*RAW DATA*.
----------
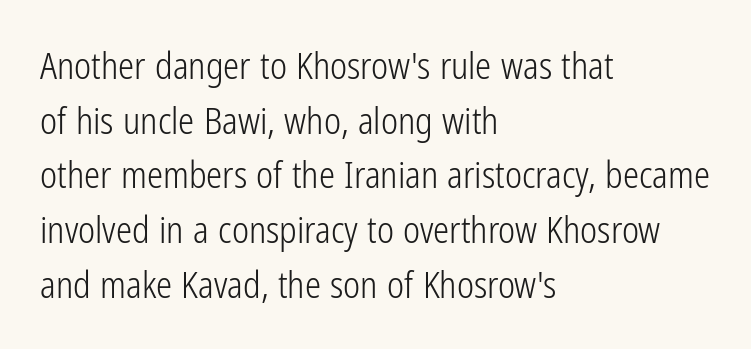
How are the letters spaced? Ordinarily, with no added tracking. The letters advance in unequal steps, a hallmark of proportional type. These lines sit exactly where default settings would place them. Italic: no, the glyphs are upright roman. The rendering shows plain stroke endings on the letterforms — a sans-serif design.
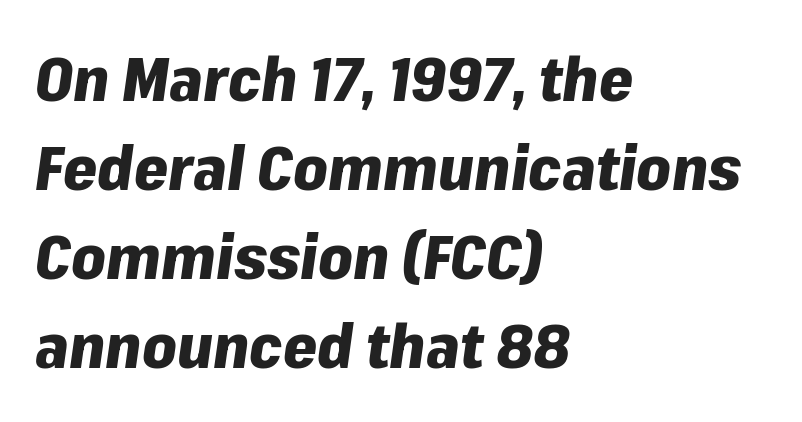
Q: Is the text bold? A: Yes.
Q: Is the text italic (slanted)? A: Yes, it leans right by about 8 degrees.
Q: Is the text underlined? A: No.
Q: How is the paragraph aligned? A: Left-aligned.
Q: Is the spacing between letters normal or unusually wide? A: Normal.
Q: Is the spacing between lines tight, normal or loose? A: Normal.
Q: Width (condensed, normal, or wide)? A: Normal.
Q: Stroke contrast? A: Low.
Q: x-height? A: Medium.
Q: Monospaced? A: No.
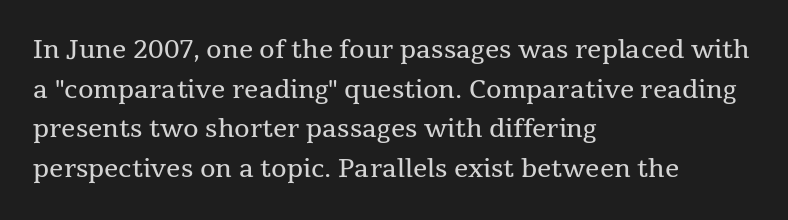
{"italic": "no", "bold": "no", "underline": "no", "align": "left", "line_spacing": "normal", "line_spacing_ratio": 1.59, "letter_spacing": "normal", "letter_spacing_em": 0.0, "glyph_px": 25}
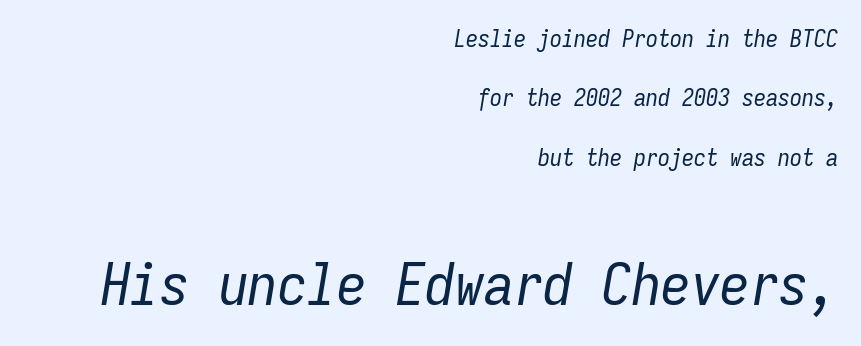
The image shows 59 px regular-weight, condensed type, italic (leaning right), monospaced; set right-aligned, loose line spacing (2.47x), normal letter spacing, not underlined; the second (bottom) block is 2.46x larger; low stroke contrast and a medium x-height.
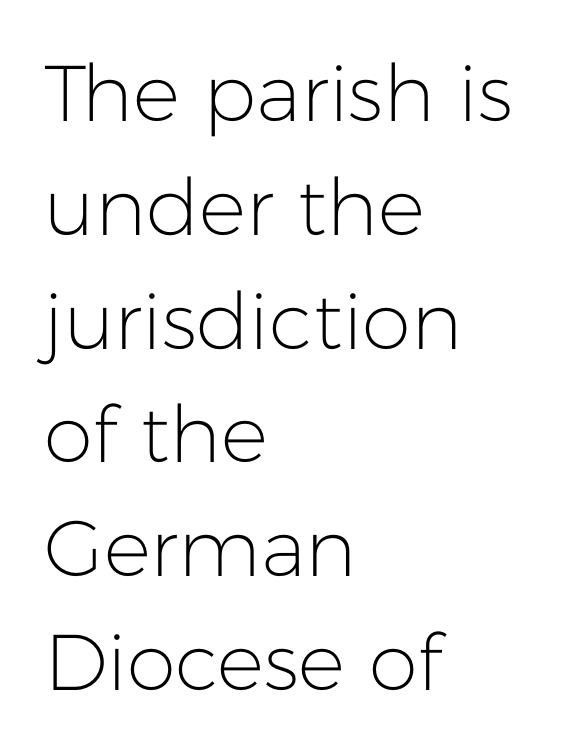
{"serif": "no", "italic": "no", "bold": "no", "weight": "light", "width": "normal", "stroke_contrast": "low", "x_height": "medium", "monospaced": "no", "underline": "no", "align": "left", "line_spacing": "normal", "line_spacing_ratio": 1.44, "letter_spacing": "normal", "letter_spacing_em": 0.0, "glyph_px": 79}
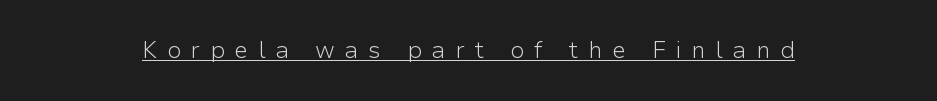
{"italic": "no", "bold": "no", "underline": "yes", "letter_spacing": "wide", "letter_spacing_em": 0.43, "glyph_px": 23}
----------
*REQUIRED WORK*.
Every line holding the word "serif" should be copied out of the records above.

*ANSWER SECTION*.
How are the letters spaced? Ordinarily, with no added tracking. The letters advance in unequal steps, a hallmark of proportional type. These lines sit exactly where default settings would place them. Italic: no, the glyphs are upright roman. The rendering shows plain stroke endings on the letterforms — a sans-serif design.
{"serif": "no", "italic": "no", "bold": "no", "weight": "light", "width": "normal", "stroke_contrast": "low", "x_height": "medium", "monospaced": "no", "underline": "no", "align": "left", "line_spacing": "normal", "line_spacing_ratio": 1.44, "letter_spacing": "normal", "letter_spacing_em": 0.0, "glyph_px": 79}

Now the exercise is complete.